*Directions:* Below are lines of data; restate word for word those running from the line containing "ఇప్పడీ శిల్పకళాఖండము లన్నియు" to the line containing "ఇటు మ్యూజియముకై తిరుగులాట", inclusive, and no others.

*Data section:*
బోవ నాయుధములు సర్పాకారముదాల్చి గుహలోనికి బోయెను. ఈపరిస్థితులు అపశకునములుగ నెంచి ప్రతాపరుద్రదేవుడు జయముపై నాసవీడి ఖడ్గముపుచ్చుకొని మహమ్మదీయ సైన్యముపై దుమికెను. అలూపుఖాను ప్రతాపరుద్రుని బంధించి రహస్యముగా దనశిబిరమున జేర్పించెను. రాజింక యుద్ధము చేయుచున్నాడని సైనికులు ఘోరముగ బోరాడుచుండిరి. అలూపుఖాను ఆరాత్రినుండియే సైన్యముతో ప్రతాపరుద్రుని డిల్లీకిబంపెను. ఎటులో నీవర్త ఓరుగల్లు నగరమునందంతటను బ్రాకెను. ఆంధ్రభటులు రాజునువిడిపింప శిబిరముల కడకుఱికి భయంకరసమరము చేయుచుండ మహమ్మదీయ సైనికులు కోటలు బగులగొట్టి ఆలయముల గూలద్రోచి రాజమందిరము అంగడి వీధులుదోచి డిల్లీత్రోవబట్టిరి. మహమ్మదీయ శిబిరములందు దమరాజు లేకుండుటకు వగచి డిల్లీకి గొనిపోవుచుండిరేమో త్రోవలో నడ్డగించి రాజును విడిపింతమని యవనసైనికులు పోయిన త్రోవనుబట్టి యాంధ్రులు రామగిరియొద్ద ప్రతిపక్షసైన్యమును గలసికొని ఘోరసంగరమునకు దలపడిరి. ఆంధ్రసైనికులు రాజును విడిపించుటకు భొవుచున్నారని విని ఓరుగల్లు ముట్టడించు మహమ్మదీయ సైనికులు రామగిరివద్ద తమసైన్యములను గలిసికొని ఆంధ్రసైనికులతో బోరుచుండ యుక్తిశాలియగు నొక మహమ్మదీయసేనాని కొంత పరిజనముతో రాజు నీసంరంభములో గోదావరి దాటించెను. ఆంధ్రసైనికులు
--
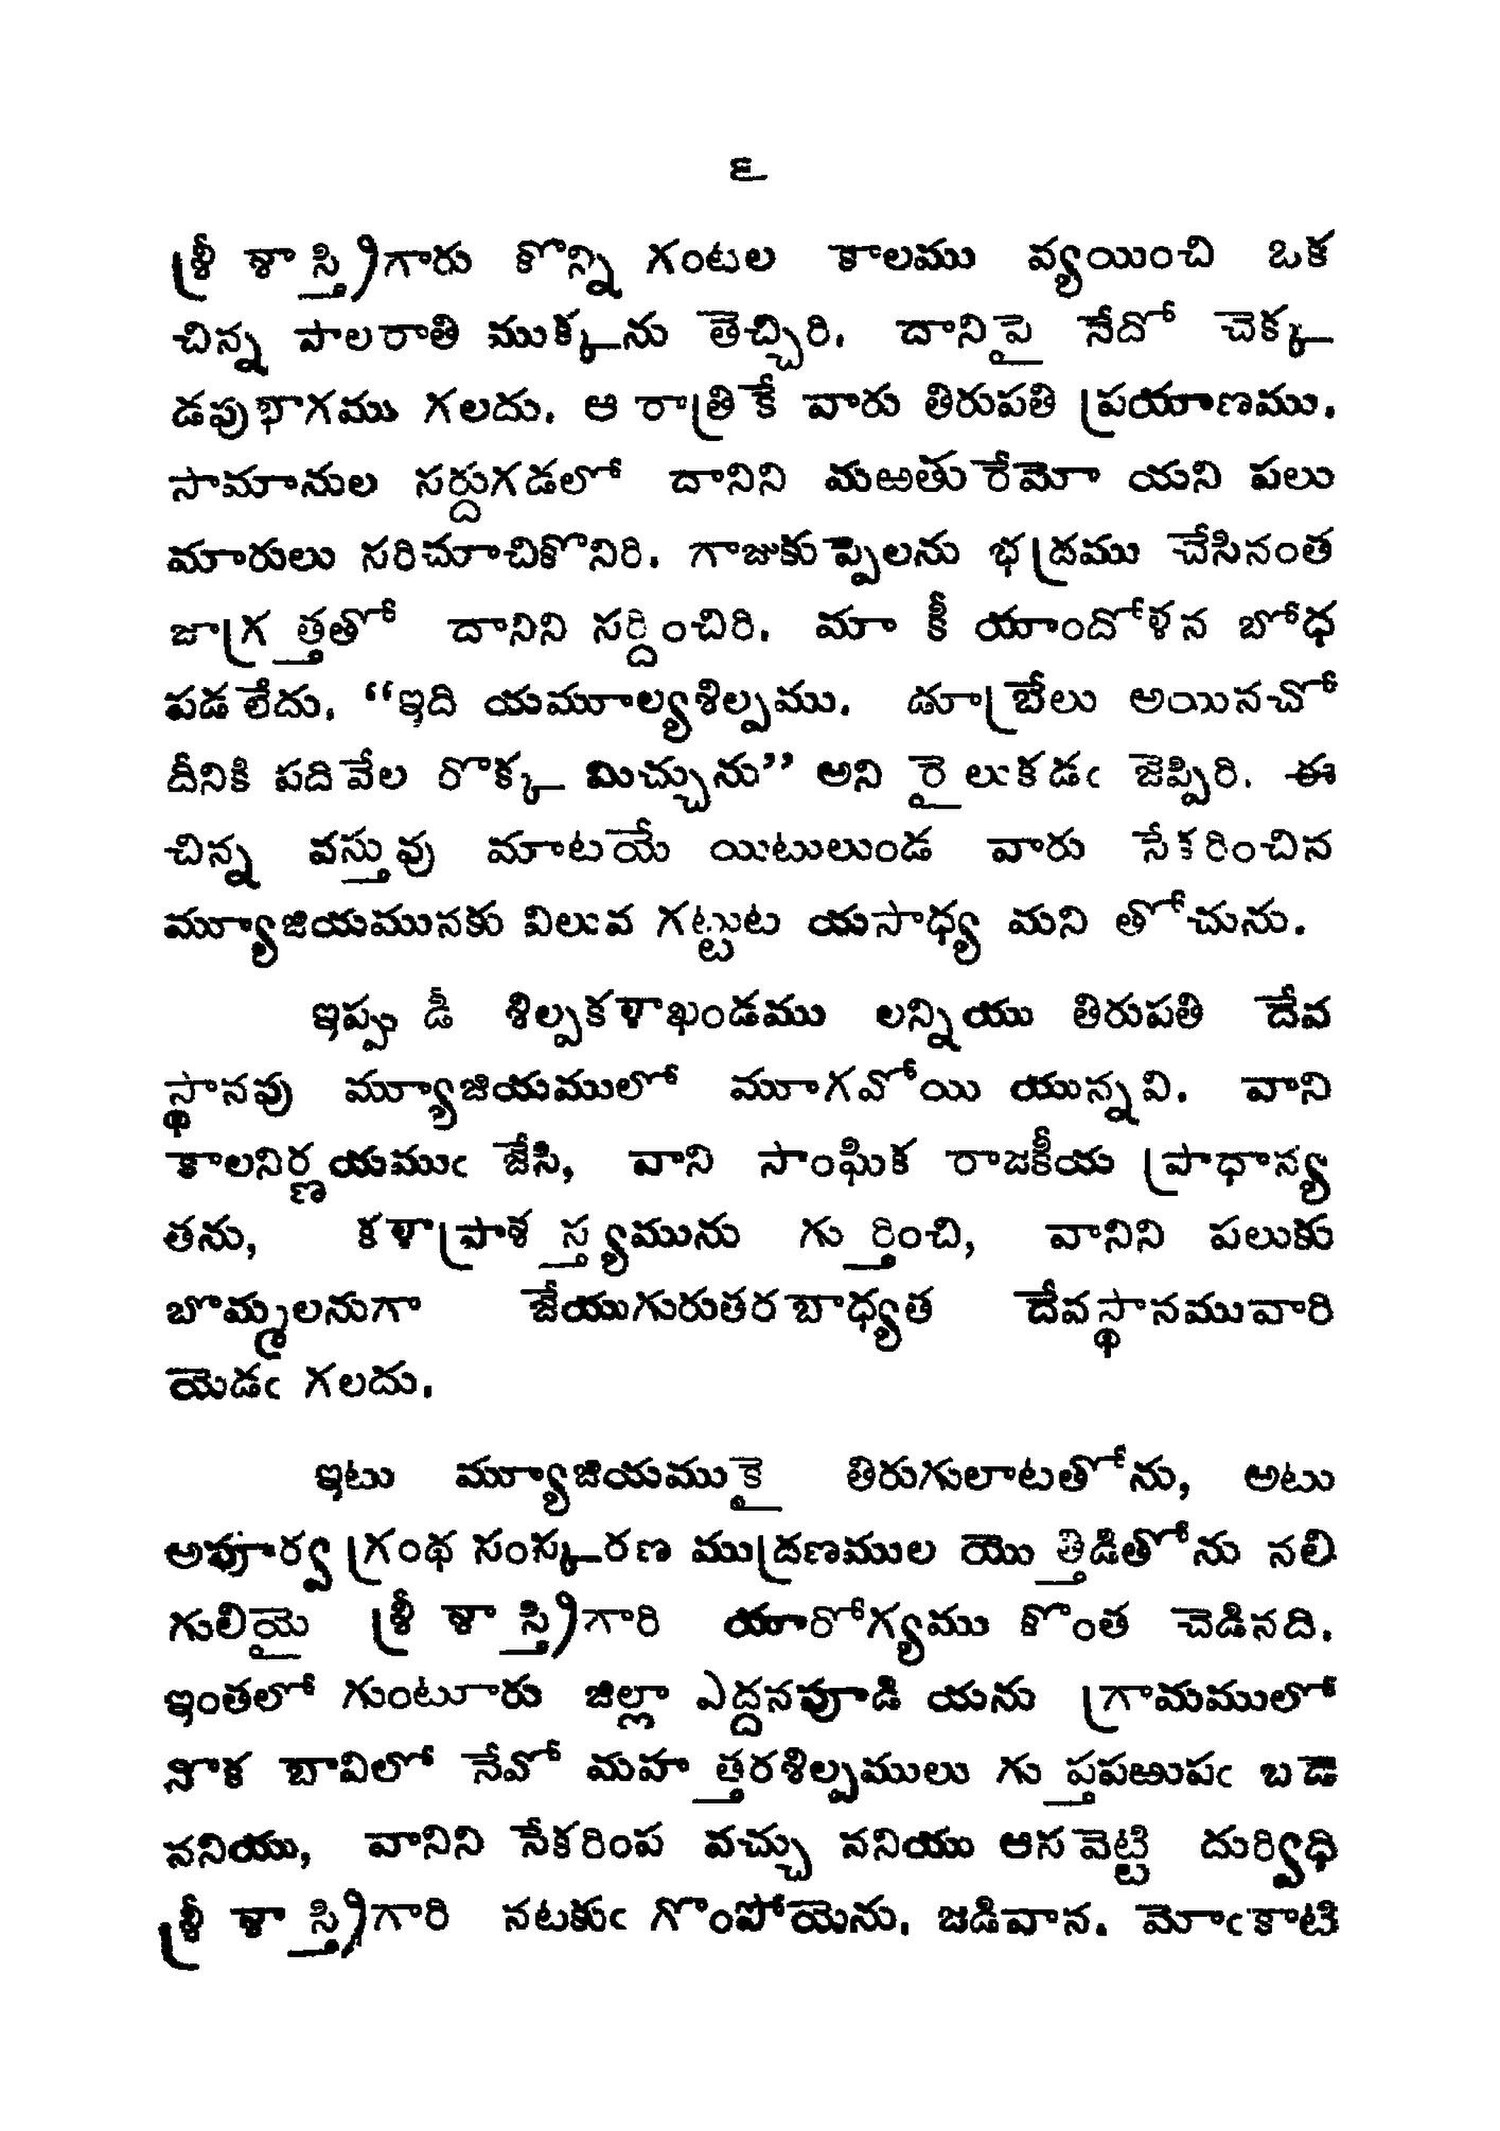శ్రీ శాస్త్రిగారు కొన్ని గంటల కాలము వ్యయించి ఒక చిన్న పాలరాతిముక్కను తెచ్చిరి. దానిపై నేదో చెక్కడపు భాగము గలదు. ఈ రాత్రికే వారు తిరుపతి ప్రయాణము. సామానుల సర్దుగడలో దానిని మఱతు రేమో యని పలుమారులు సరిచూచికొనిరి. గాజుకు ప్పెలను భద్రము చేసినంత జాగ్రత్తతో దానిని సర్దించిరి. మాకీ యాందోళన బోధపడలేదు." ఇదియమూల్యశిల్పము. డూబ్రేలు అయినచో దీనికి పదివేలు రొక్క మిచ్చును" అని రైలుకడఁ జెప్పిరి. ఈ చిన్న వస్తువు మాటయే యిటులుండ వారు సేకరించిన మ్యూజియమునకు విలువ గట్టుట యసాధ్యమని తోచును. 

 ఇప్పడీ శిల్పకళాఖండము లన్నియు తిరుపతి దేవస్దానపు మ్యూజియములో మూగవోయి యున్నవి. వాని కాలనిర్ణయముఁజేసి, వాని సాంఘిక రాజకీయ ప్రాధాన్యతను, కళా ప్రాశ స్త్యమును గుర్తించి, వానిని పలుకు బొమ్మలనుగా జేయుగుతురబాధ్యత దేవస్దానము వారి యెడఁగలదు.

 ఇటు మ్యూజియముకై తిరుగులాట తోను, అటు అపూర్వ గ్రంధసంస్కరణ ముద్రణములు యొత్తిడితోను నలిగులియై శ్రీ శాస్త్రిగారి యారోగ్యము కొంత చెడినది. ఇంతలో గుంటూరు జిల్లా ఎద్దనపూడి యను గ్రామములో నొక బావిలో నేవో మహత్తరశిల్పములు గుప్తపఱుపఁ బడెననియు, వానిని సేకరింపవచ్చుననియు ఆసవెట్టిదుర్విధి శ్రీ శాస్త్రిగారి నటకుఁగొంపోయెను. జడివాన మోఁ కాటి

*Answer box:*
 ఇప్పడీ శిల్పకళాఖండము లన్నియు తిరుపతి దేవస్దానపు మ్యూజియములో మూగవోయి యున్నవి. వాని కాలనిర్ణయముఁజేసి, వాని సాంఘిక రాజకీయ ప్రాధాన్యతను, కళా ప్రాశ స్త్యమును గుర్తించి, వానిని పలుకు బొమ్మలనుగా జేయుగుతురబాధ్యత దేవస్దానము వారి యెడఁగలదు.

 ఇటు మ్యూజియముకై తిరుగులాట తోను, అటు అపూర్వ గ్రంధసంస్కరణ ముద్రణములు యొత్తిడితోను నలిగులియై శ్రీ శాస్త్రిగారి యారోగ్యము కొంత చెడినది. ఇంతలో గుంటూరు జిల్లా ఎద్దనపూడి యను గ్రామములో నొక బావిలో నేవో మహత్తరశిల్పములు గుప్తపఱుపఁ బడెననియు, వానిని సేకరింపవచ్చుననియు ఆసవెట్టిదుర్విధి శ్రీ శాస్త్రిగారి నటకుఁగొంపోయెను. జడివాన మోఁ కాటి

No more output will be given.